** Opening Dataset entries block **

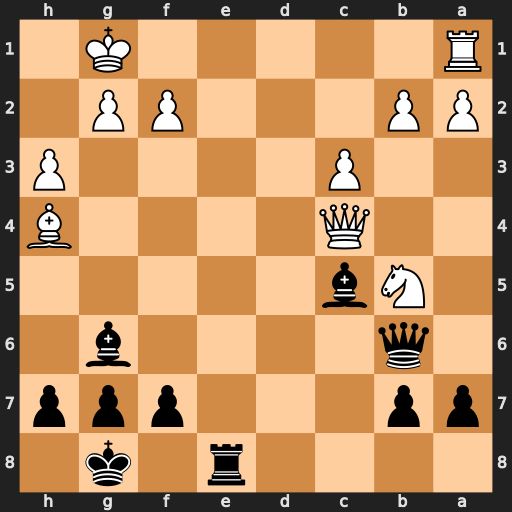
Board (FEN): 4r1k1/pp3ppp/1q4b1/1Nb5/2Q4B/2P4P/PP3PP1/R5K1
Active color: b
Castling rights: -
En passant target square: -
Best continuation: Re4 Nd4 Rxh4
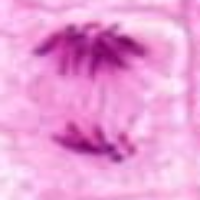
Label: anaphase
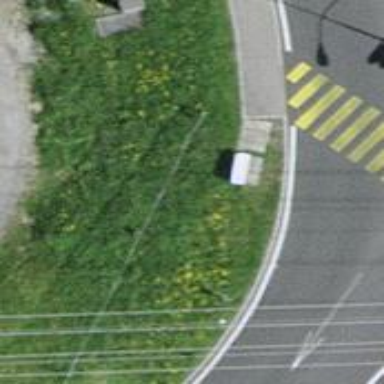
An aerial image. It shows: Street cabinet.
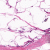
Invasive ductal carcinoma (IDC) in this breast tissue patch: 0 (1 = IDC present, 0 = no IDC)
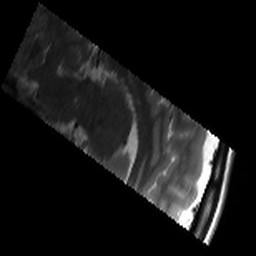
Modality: T2w
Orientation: sagittal
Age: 19
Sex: female
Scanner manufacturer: siemens
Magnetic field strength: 3 T
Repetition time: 8.02 s
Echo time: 0.08 s
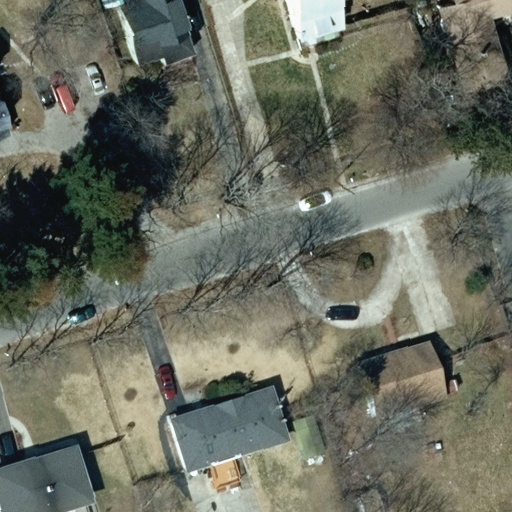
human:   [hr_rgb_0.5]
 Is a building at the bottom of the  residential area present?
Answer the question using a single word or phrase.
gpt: yes

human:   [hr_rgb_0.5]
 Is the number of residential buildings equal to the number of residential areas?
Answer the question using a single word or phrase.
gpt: no

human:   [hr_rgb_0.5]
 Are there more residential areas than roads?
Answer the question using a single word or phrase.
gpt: no

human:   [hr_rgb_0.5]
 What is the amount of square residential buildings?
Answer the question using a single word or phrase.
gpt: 0

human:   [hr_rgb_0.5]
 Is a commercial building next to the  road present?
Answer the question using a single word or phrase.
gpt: no

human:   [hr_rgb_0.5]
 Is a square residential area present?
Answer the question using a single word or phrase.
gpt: no

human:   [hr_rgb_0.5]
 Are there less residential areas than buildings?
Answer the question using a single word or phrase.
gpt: yes

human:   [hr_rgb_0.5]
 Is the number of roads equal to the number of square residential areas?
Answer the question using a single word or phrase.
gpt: no

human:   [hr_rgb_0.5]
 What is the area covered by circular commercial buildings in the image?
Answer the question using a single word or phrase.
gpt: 0m2

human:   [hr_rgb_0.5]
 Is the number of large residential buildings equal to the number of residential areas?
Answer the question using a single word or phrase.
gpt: no

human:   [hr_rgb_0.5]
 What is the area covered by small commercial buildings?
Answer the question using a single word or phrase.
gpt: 0m2

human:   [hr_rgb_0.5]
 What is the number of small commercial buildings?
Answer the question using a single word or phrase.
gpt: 0

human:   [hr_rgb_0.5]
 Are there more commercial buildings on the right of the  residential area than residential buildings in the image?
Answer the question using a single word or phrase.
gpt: no

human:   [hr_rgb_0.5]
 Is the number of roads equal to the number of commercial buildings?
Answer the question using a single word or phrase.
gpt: no

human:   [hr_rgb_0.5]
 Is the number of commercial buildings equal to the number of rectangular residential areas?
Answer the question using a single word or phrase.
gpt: no

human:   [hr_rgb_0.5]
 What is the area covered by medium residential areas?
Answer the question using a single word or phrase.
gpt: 0m2

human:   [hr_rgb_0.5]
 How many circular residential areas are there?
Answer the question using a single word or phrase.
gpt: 0

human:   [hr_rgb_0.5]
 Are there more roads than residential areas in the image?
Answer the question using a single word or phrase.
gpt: no

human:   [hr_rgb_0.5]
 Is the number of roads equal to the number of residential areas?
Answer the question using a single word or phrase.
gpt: yes

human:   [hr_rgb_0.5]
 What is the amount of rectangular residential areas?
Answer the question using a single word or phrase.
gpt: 1

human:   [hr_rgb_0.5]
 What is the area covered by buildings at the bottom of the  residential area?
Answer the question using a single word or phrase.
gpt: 1088m2

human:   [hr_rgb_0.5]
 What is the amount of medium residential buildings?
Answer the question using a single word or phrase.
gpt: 4

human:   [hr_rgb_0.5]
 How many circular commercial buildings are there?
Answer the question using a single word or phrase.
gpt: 0

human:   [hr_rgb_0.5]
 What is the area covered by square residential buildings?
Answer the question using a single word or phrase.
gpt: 0m2

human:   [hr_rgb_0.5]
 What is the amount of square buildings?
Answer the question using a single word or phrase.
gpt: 0

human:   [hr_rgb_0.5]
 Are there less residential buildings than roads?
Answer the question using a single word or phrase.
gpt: no

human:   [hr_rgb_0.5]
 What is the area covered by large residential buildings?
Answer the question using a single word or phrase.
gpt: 0m2

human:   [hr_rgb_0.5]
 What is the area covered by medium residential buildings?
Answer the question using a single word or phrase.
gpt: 816m2

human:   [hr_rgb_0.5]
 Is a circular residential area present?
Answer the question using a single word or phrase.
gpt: no

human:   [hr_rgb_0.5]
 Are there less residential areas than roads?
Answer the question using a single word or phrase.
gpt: no

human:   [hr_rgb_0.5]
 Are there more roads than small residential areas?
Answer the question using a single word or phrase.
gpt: yes

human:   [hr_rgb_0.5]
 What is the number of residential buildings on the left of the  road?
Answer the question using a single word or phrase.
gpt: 4

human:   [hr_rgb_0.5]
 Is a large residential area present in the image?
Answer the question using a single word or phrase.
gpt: yes

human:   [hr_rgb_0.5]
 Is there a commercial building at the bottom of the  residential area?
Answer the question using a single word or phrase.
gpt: no

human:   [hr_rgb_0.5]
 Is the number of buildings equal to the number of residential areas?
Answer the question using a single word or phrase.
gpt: no

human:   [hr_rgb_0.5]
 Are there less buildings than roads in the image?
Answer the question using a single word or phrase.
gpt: no

** Closing Dataset entries block **

--- What is expected ---
Only the pictures are to be omitted; the records above must otherwise be reproduced exactly.

--- Reply to the task ---
Board (FEN): 4r1k1/pp3ppp/1q4b1/1Nb5/2Q4B/2P4P/PP3PP1/R5K1
Active color: b
Castling rights: -
En passant target square: -
Best continuation: Re4 Nd4 Rxh4
Label: anaphase
An aerial image. It shows: Street cabinet.
Invasive ductal carcinoma (IDC) in this breast tissue patch: 0 (1 = IDC present, 0 = no IDC)
Modality: T2w
Orientation: sagittal
Age: 19
Sex: female
Scanner manufacturer: siemens
Magnetic field strength: 3 T
Repetition time: 8.02 s
Echo time: 0.08 s
human:   [hr_rgb_0.5]
 Is a building at the bottom of the  residential area present?
Answer the question using a single word or phrase.
gpt: yes

human:   [hr_rgb_0.5]
 Is the number of residential buildings equal to the number of residential areas?
Answer the question using a single word or phrase.
gpt: no

human:   [hr_rgb_0.5]
 Are there more residential areas than roads?
Answer the question using a single word or phrase.
gpt: no

human:   [hr_rgb_0.5]
 What is the amount of square residential buildings?
Answer the question using a single word or phrase.
gpt: 0

human:   [hr_rgb_0.5]
 Is a commercial building next to the  road present?
Answer the question using a single word or phrase.
gpt: no

human:   [hr_rgb_0.5]
 Is a square residential area present?
Answer the question using a single word or phrase.
gpt: no

human:   [hr_rgb_0.5]
 Are there less residential areas than buildings?
Answer the question using a single word or phrase.
gpt: yes

human:   [hr_rgb_0.5]
 Is the number of roads equal to the number of square residential areas?
Answer the question using a single word or phrase.
gpt: no

human:   [hr_rgb_0.5]
 What is the area covered by circular commercial buildings in the image?
Answer the question using a single word or phrase.
gpt: 0m2

human:   [hr_rgb_0.5]
 Is the number of large residential buildings equal to the number of residential areas?
Answer the question using a single word or phrase.
gpt: no

human:   [hr_rgb_0.5]
 What is the area covered by small commercial buildings?
Answer the question using a single word or phrase.
gpt: 0m2

human:   [hr_rgb_0.5]
 What is the number of small commercial buildings?
Answer the question using a single word or phrase.
gpt: 0

human:   [hr_rgb_0.5]
 Are there more commercial buildings on the right of the  residential area than residential buildings in the image?
Answer the question using a single word or phrase.
gpt: no

human:   [hr_rgb_0.5]
 Is the number of roads equal to the number of commercial buildings?
Answer the question using a single word or phrase.
gpt: no

human:   [hr_rgb_0.5]
 Is the number of commercial buildings equal to the number of rectangular residential areas?
Answer the question using a single word or phrase.
gpt: no

human:   [hr_rgb_0.5]
 What is the area covered by medium residential areas?
Answer the question using a single word or phrase.
gpt: 0m2

human:   [hr_rgb_0.5]
 How many circular residential areas are there?
Answer the question using a single word or phrase.
gpt: 0

human:   [hr_rgb_0.5]
 Are there more roads than residential areas in the image?
Answer the question using a single word or phrase.
gpt: no

human:   [hr_rgb_0.5]
 Is the number of roads equal to the number of residential areas?
Answer the question using a single word or phrase.
gpt: yes

human:   [hr_rgb_0.5]
 What is the amount of rectangular residential areas?
Answer the question using a single word or phrase.
gpt: 1

human:   [hr_rgb_0.5]
 What is the area covered by buildings at the bottom of the  residential area?
Answer the question using a single word or phrase.
gpt: 1088m2

human:   [hr_rgb_0.5]
 What is the amount of medium residential buildings?
Answer the question using a single word or phrase.
gpt: 4

human:   [hr_rgb_0.5]
 How many circular commercial buildings are there?
Answer the question using a single word or phrase.
gpt: 0

human:   [hr_rgb_0.5]
 What is the area covered by square residential buildings?
Answer the question using a single word or phrase.
gpt: 0m2

human:   [hr_rgb_0.5]
 What is the amount of square buildings?
Answer the question using a single word or phrase.
gpt: 0

human:   [hr_rgb_0.5]
 Are there less residential buildings than roads?
Answer the question using a single word or phrase.
gpt: no

human:   [hr_rgb_0.5]
 What is the area covered by large residential buildings?
Answer the question using a single word or phrase.
gpt: 0m2

human:   [hr_rgb_0.5]
 What is the area covered by medium residential buildings?
Answer the question using a single word or phrase.
gpt: 816m2

human:   [hr_rgb_0.5]
 Is a circular residential area present?
Answer the question using a single word or phrase.
gpt: no

human:   [hr_rgb_0.5]
 Are there less residential areas than roads?
Answer the question using a single word or phrase.
gpt: no

human:   [hr_rgb_0.5]
 Are there more roads than small residential areas?
Answer the question using a single word or phrase.
gpt: yes

human:   [hr_rgb_0.5]
 What is the number of residential buildings on the left of the  road?
Answer the question using a single word or phrase.
gpt: 4

human:   [hr_rgb_0.5]
 Is a large residential area present in the image?
Answer the question using a single word or phrase.
gpt: yes

human:   [hr_rgb_0.5]
 Is there a commercial building at the bottom of the  residential area?
Answer the question using a single word or phrase.
gpt: no

human:   [hr_rgb_0.5]
 Is the number of buildings equal to the number of residential areas?
Answer the question using a single word or phrase.
gpt: no

human:   [hr_rgb_0.5]
 Are there less buildings than roads in the image?
Answer the question using a single word or phrase.
gpt: no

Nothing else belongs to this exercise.